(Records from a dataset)

━━━━━━━━━━━━━━━━

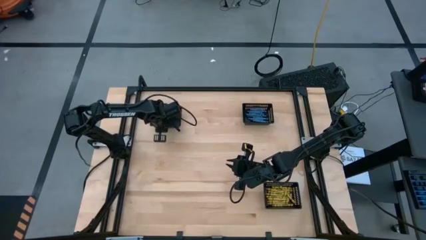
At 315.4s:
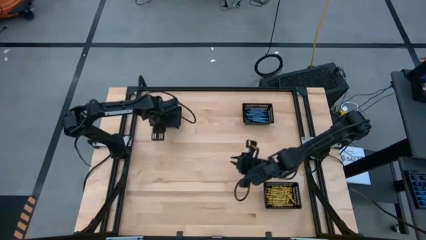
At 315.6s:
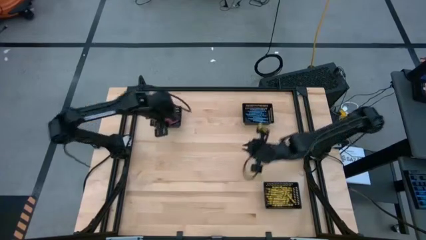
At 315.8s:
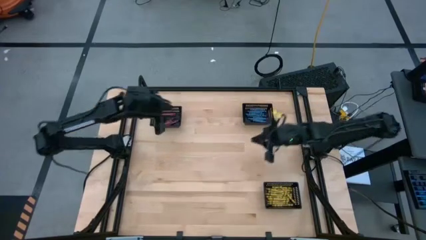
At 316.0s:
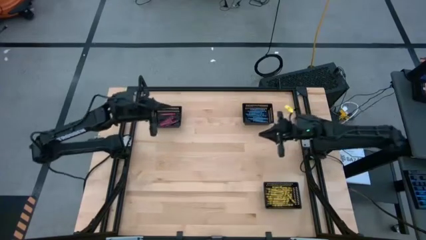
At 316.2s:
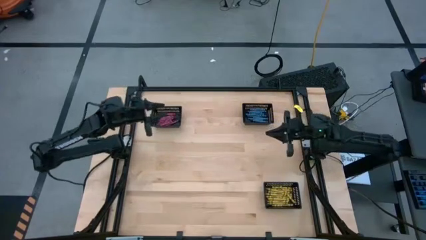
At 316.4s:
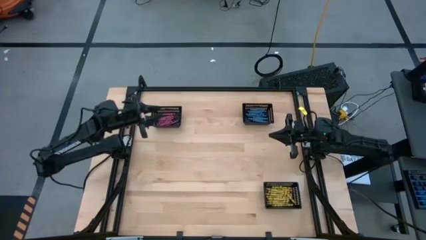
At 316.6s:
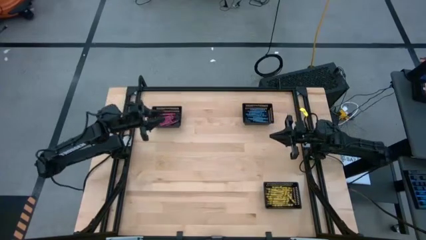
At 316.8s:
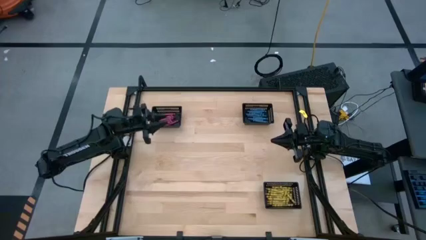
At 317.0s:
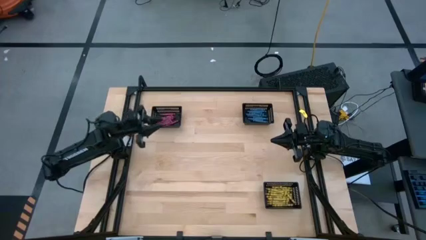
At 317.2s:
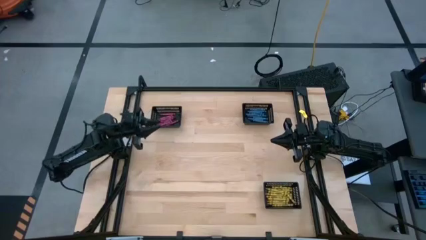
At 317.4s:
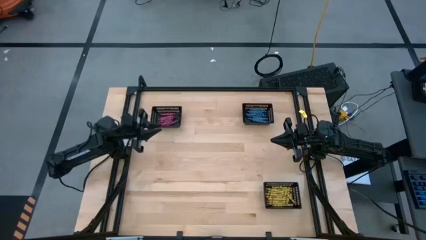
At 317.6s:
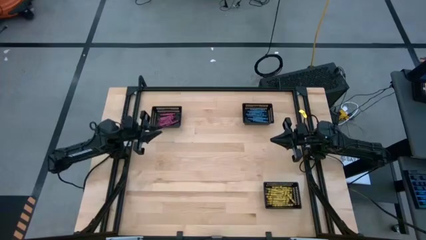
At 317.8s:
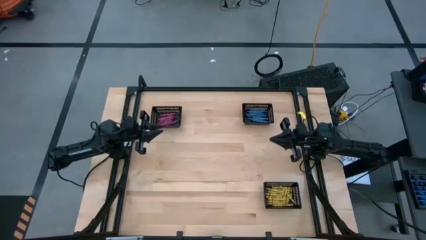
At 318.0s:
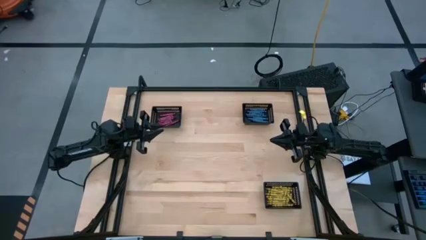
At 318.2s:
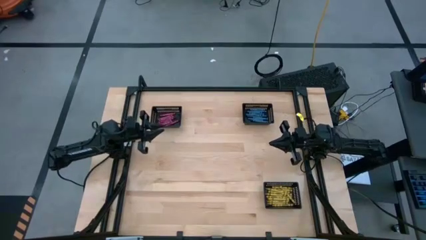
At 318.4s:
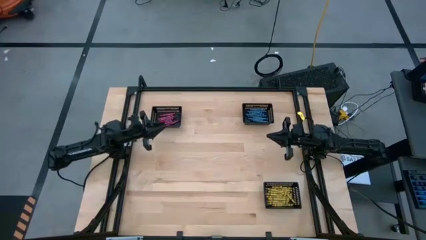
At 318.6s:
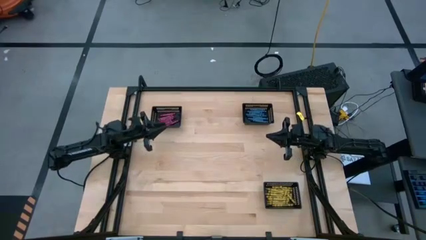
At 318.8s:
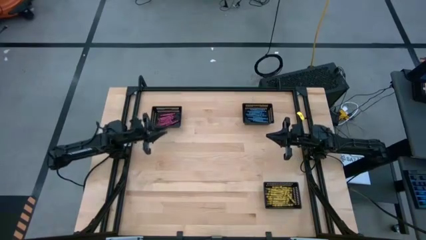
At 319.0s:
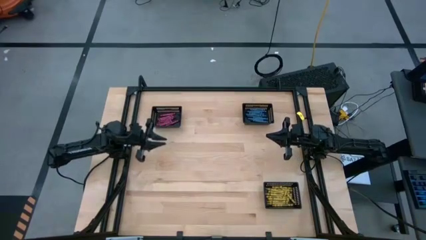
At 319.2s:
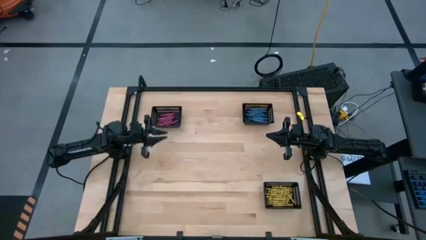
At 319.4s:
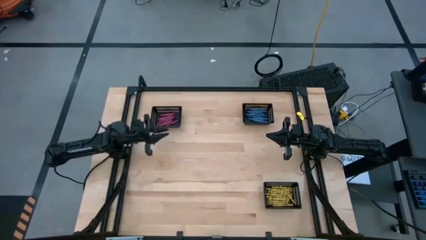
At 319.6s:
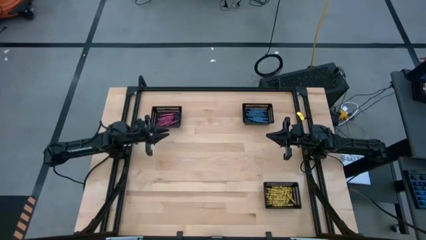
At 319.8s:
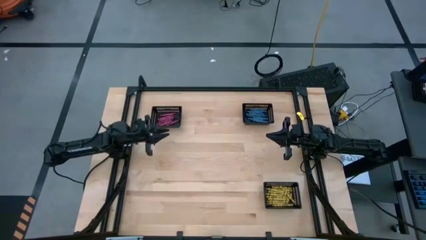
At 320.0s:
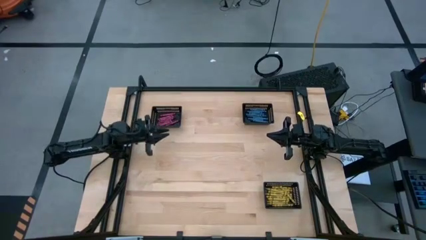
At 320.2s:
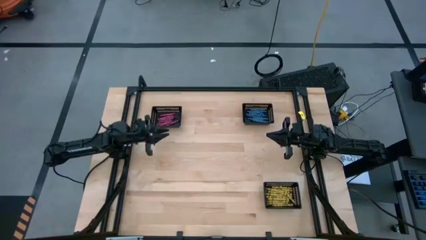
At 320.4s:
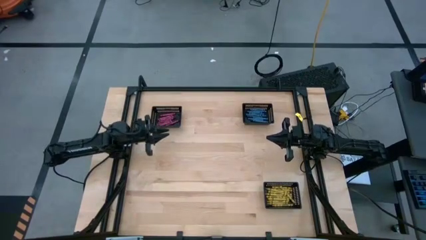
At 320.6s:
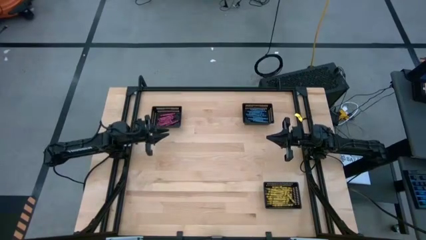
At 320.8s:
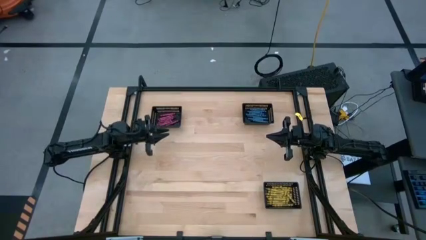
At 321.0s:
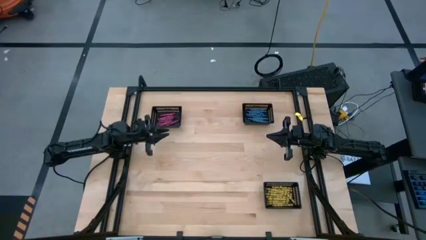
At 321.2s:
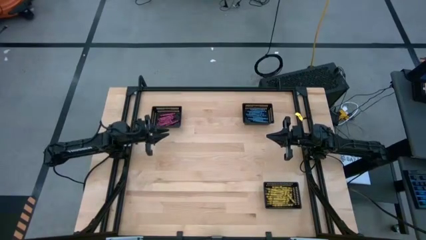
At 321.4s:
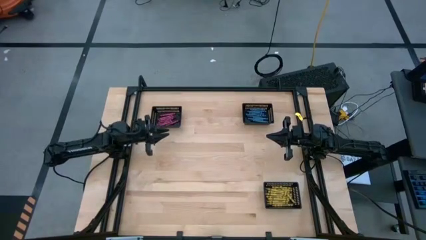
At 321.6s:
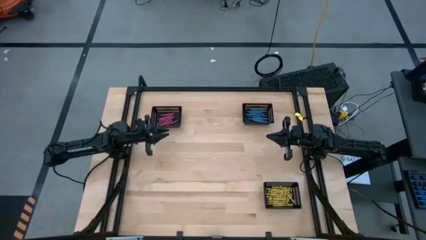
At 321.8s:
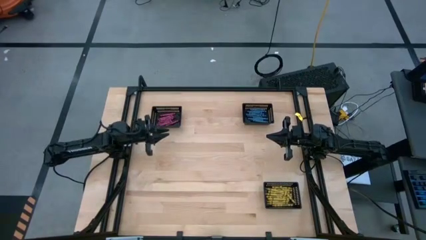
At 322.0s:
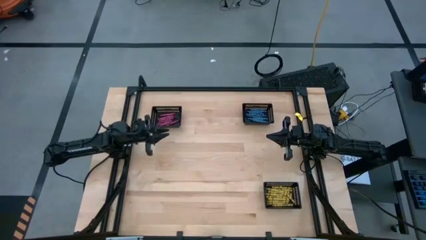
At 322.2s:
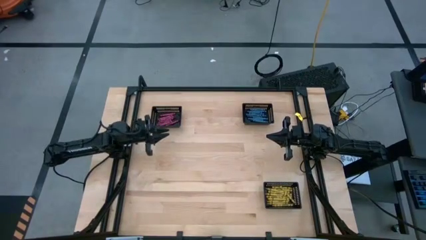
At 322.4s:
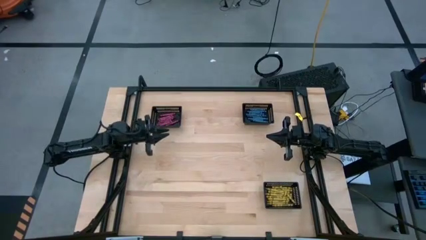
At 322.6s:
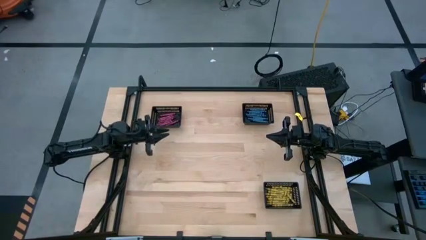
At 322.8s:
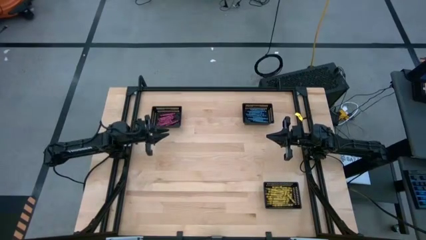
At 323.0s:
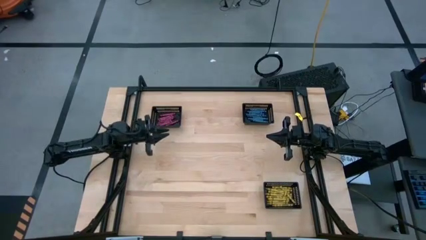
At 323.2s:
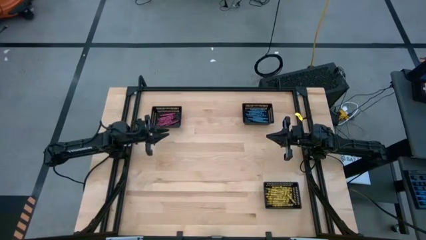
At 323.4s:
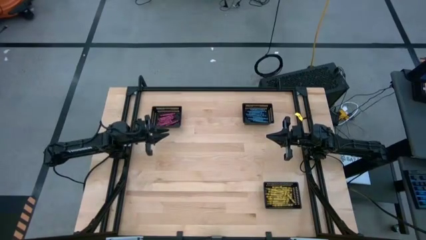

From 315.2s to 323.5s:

━━━━━━━━━━━━━━━━

## EXERCISE GOAL
Retype all of the data above word for word, excluding the pictures.

## SOLUTION BELOW
At 315.4s:
At 315.6s:
At 315.8s:
At 316.0s:
At 316.2s:
At 316.4s:
At 316.6s:
At 316.8s:
At 317.0s:
At 317.2s:
At 317.4s:
At 317.6s:
At 317.8s:
At 318.0s:
At 318.2s:
At 318.4s:
At 318.6s:
At 318.8s:
At 319.0s:
At 319.2s:
At 319.4s:
At 319.6s:
At 319.8s:
At 320.0s:
At 320.2s:
At 320.4s:
At 320.6s:
At 320.8s:
At 321.0s:
At 321.2s:
At 321.4s:
At 321.6s:
At 321.8s:
At 322.0s:
At 322.2s:
At 322.4s:
At 322.6s:
At 322.8s:
At 323.0s:
At 323.2s:
At 323.4s:

From 315.2s to 323.5s:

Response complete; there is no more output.